Seek and ye shall find…
Randomly happening upon ideas that then refuse to let go. Via GLH, I found Yi-Fu Tuan’s site, and a series of what he calls Letters to Colleagues that is a good place to park for a while. But in a brief letter on the loss we encounter–and what is gained by the sharing with others, this:
The second feeling of loss is paradoxical. How can receiving—taking someone into your life—be felt as a loss? Well, the obvious answer is that you lose your privacy. You get the feeling that cracks are developing in your carefully-constructed world of habits and routines. The cure is two-fold. One is to understand that your carefully-constructed world needs shattering. Being made aware of that need is one great service that the person who enters your life can perform. The other is to see all the riches the other brings in, riches that unfold slowly over time.

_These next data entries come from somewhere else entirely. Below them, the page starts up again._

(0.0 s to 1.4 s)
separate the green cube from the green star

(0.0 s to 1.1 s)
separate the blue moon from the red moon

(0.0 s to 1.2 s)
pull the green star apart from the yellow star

(Tuan, Yi-Fu. "Dear Colleague: 1 May 2006." Yi-Fu Tuan.
19 Nov 2004. http://www.geography.wisc.edu/~yifutuan/dear_colleague.htm.)

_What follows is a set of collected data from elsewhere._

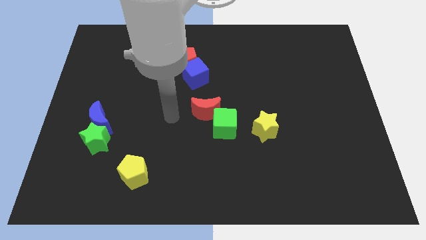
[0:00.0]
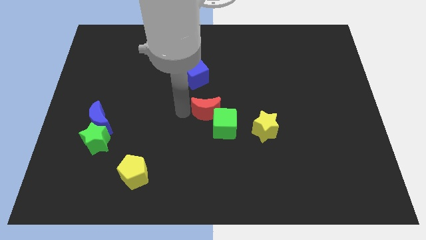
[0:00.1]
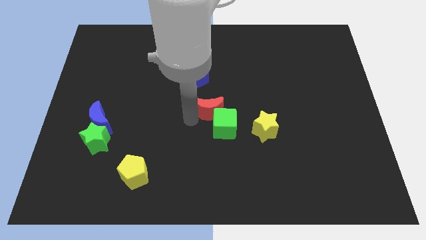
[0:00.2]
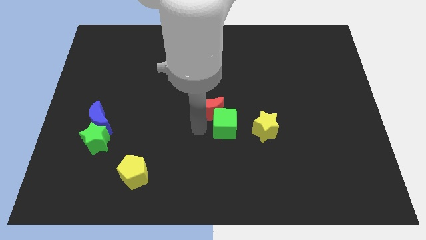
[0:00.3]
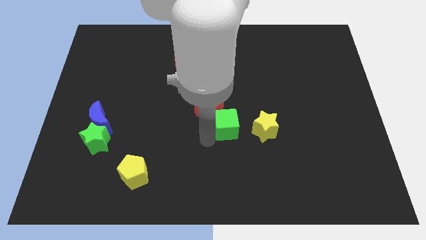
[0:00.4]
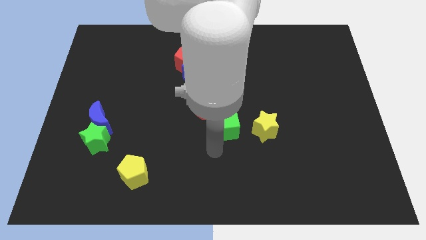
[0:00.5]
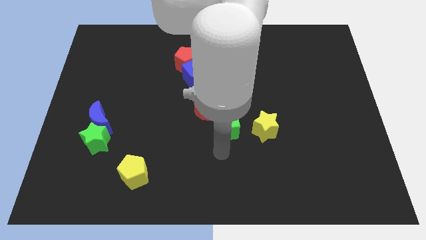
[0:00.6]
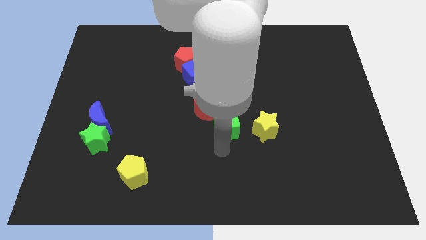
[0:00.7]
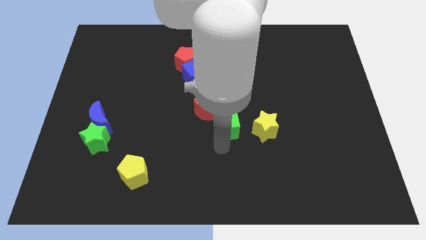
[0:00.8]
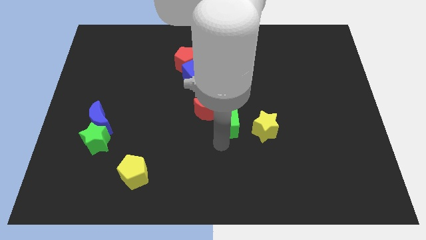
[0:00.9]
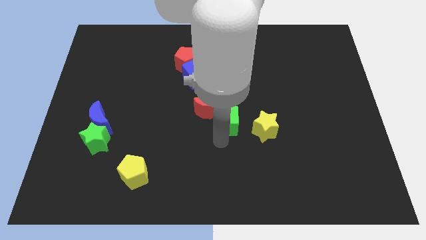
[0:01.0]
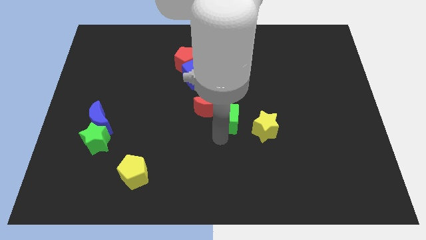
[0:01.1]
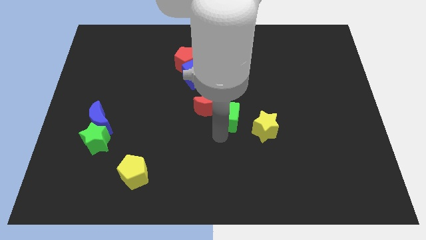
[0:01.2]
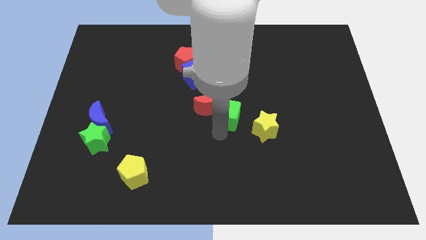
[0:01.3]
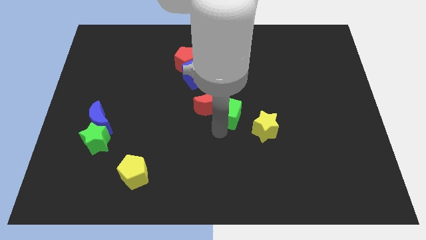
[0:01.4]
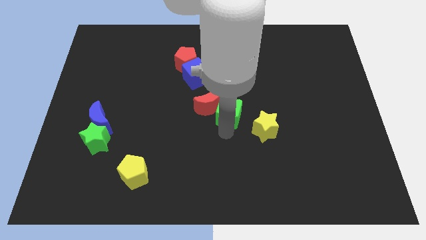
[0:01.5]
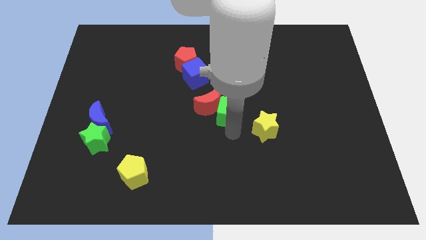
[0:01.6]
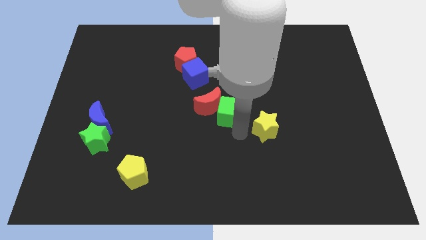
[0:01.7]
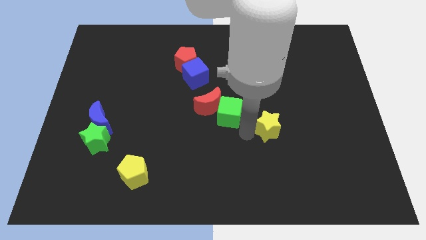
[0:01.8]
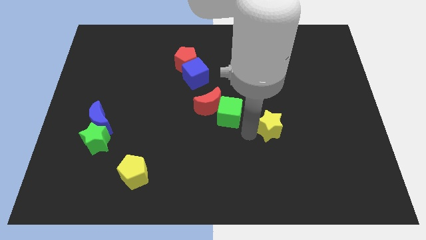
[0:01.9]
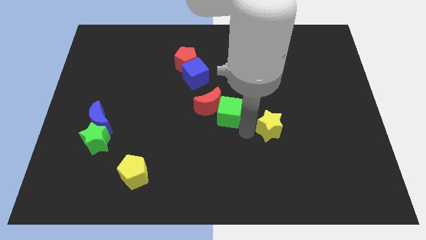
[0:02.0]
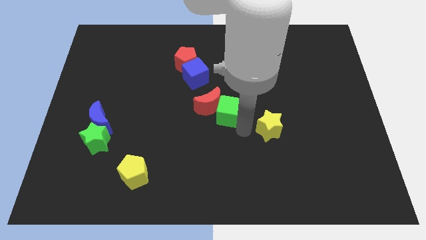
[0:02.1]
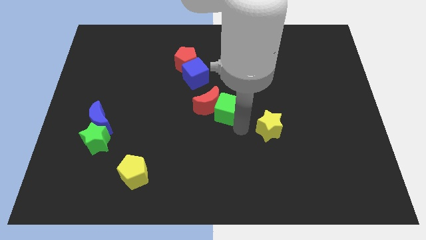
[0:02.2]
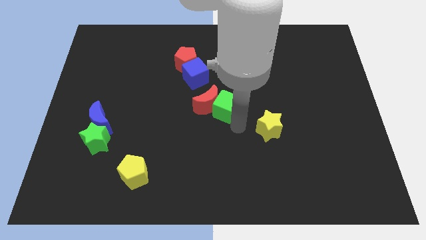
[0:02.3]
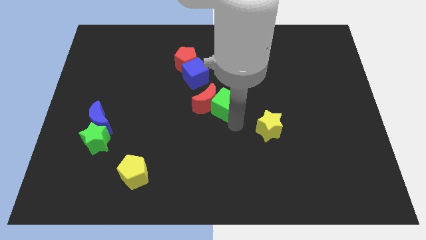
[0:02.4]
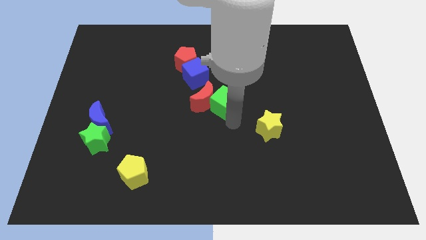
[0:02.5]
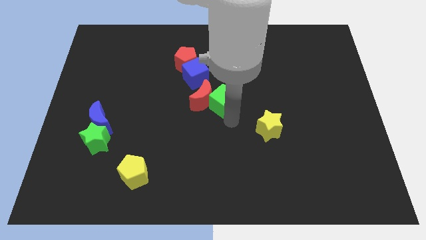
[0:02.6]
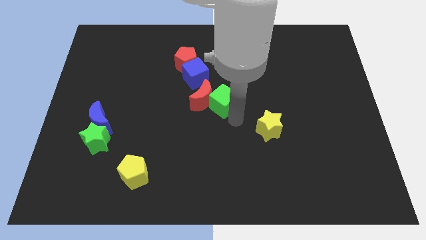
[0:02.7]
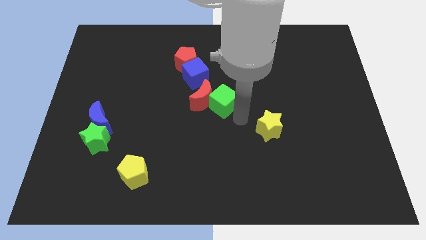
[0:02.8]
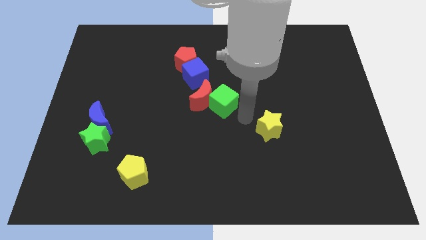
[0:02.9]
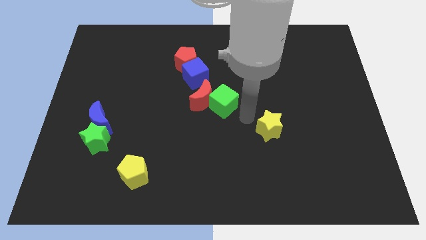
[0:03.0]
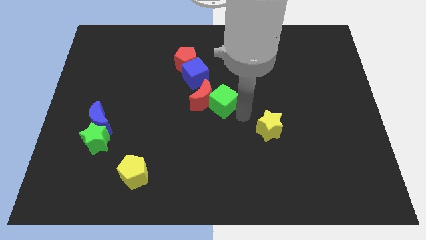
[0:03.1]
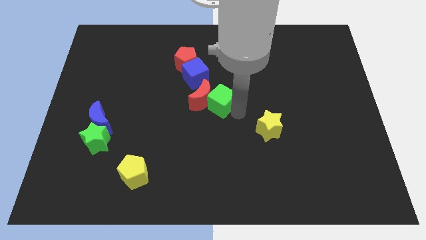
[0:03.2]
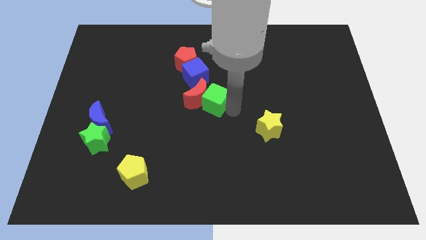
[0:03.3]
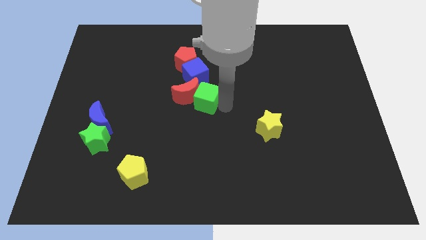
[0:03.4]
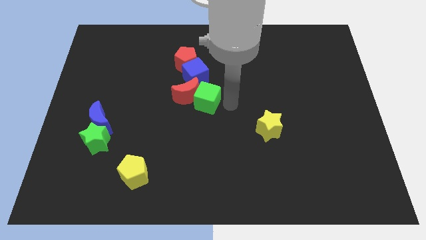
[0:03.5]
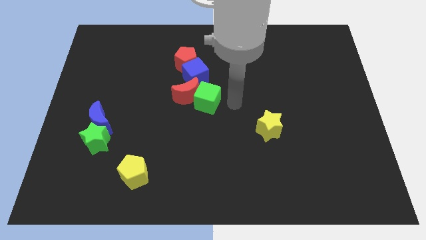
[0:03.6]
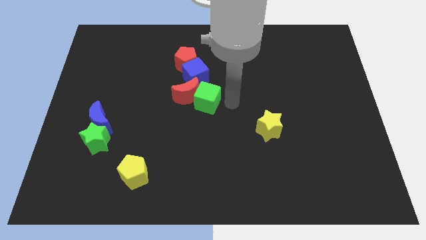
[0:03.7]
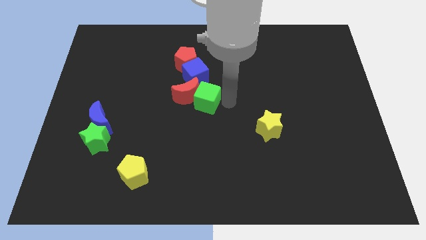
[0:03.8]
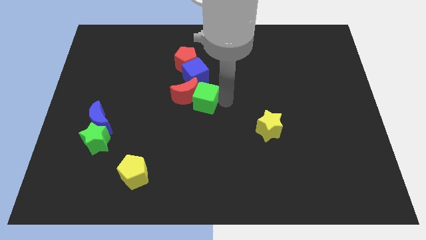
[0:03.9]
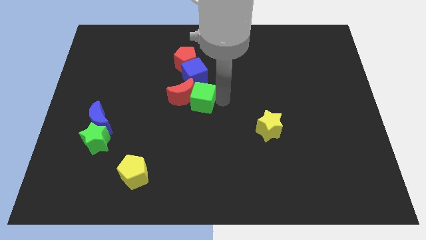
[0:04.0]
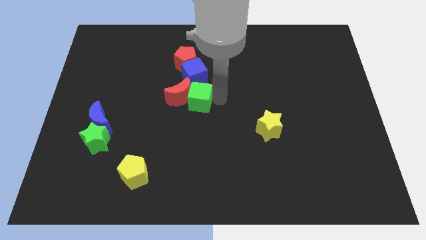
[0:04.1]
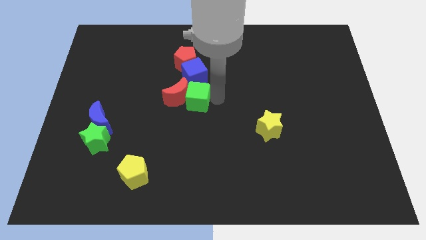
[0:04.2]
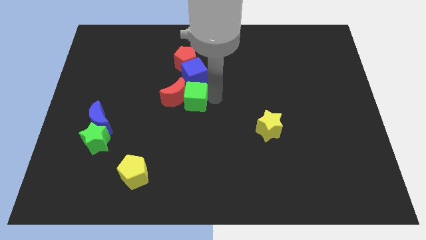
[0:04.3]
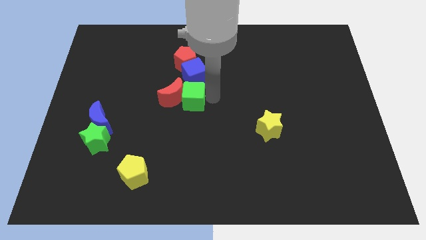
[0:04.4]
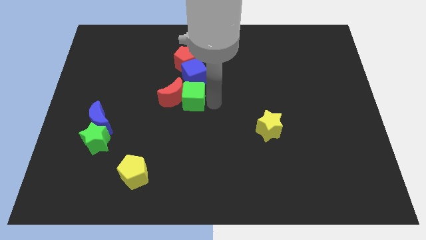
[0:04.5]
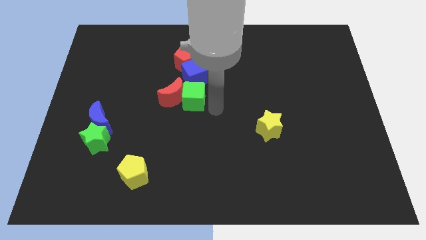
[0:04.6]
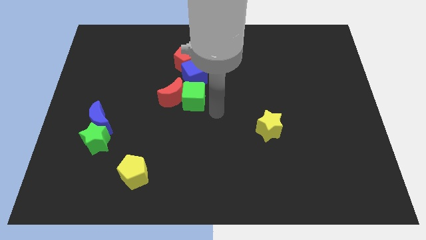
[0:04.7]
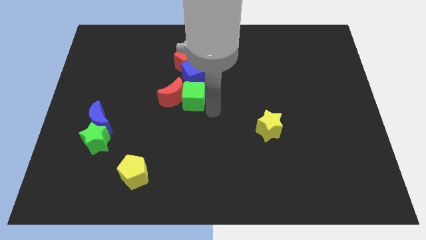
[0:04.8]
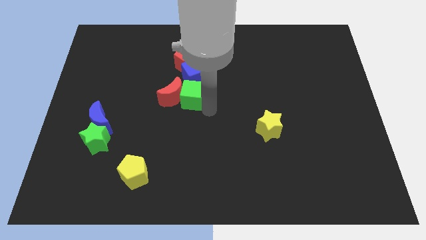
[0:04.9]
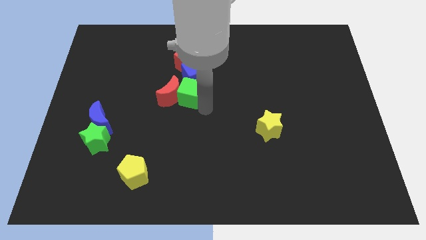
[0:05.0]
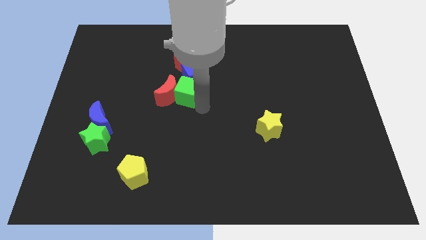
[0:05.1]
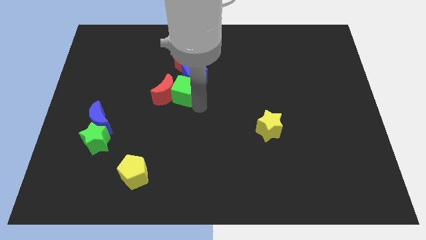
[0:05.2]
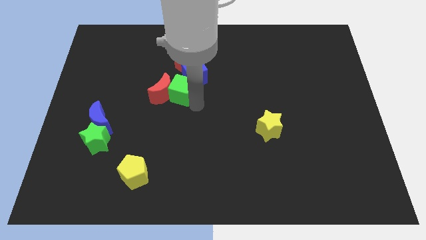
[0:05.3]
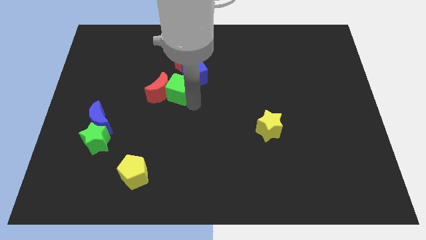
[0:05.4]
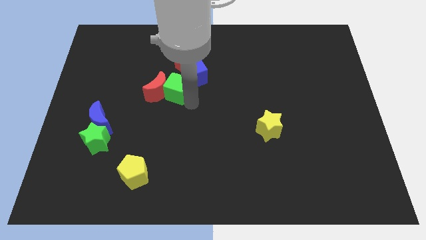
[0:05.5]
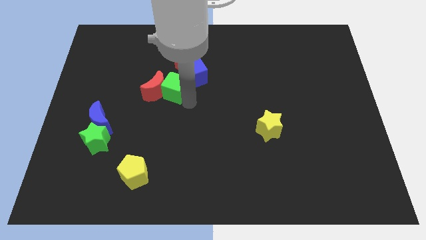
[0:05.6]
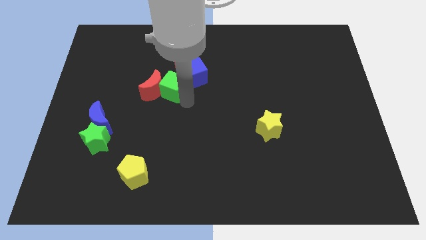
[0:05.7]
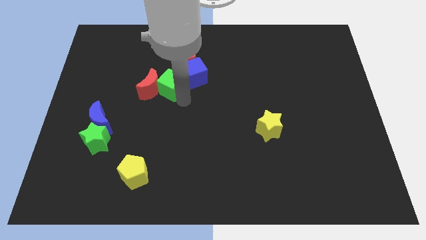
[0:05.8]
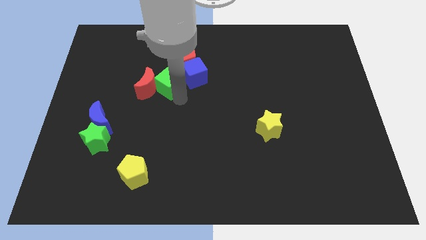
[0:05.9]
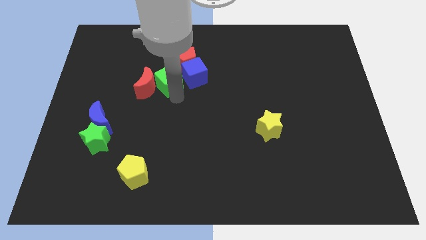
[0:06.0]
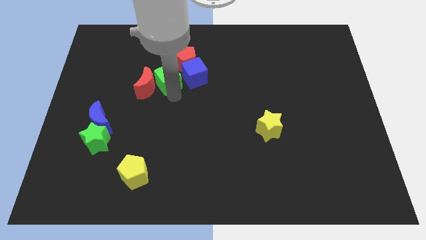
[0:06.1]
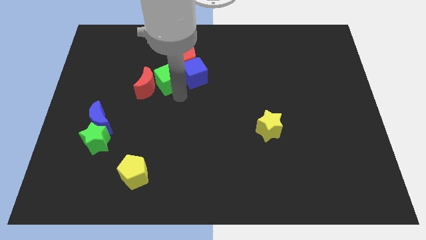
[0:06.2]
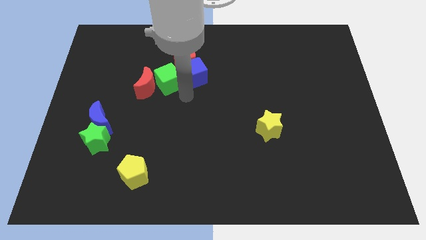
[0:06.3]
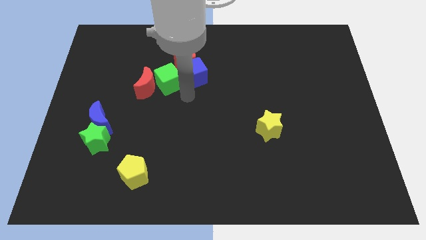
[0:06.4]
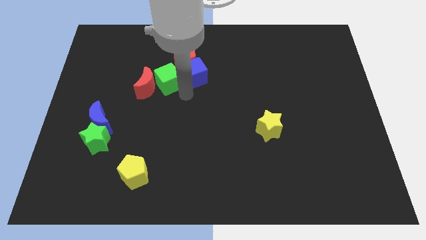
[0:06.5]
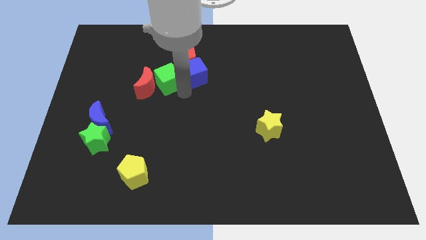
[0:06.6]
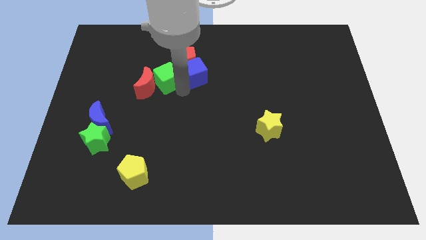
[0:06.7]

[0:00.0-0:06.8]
push the green cube upwards and left diagonally

This: "One is to understand that your carefully-constructed world needs shattering." is what brings further thought. My first question would be "Why?" Why does what we build need to be broken apart; is there no value given to the farmer and tender of the plot on which he was seeded? I understand fully the desire and good nature of expansion and doubt of dependence, but windows and doors are a given. While some may need to be constantly challenged to change, some may need to be the foundations, to build onto in additions rather than formed anew. A lot more here to think about than the elegant simplicity of the thought.
Another of his letters caught my eye as I read it quickly, regarding networking:
Networking gives one power—the power of belonging. What an individual says, even if it is important and powerfully said, may go unheeded. What a group says, even if it is trivial and confusedly said, may be not only heard but acclaimed by, first, fellow members, then, the members’ own connections.
Networking empowers an individual, but it also weakens him, as the expression "being caught in a net" suggests. Being caught in a net—even being a willing part of a net—implies a loss of agency and mobility. A scholar in a tight network forfeits his right and ability to think for himself.
Tuan, Yi-Fu. "Dear Colleague: 9 April 2006." Yi-Fu Tuan.
19 Nov 2004. http://www.geography.wisc.edu/~yifutuan/archive/20060409.htm.
This I would tend to agree with and need research further, especially in this day of corporate teamwork and rah-rahs and backpatting that doesn’t necessarily work very well in all situations.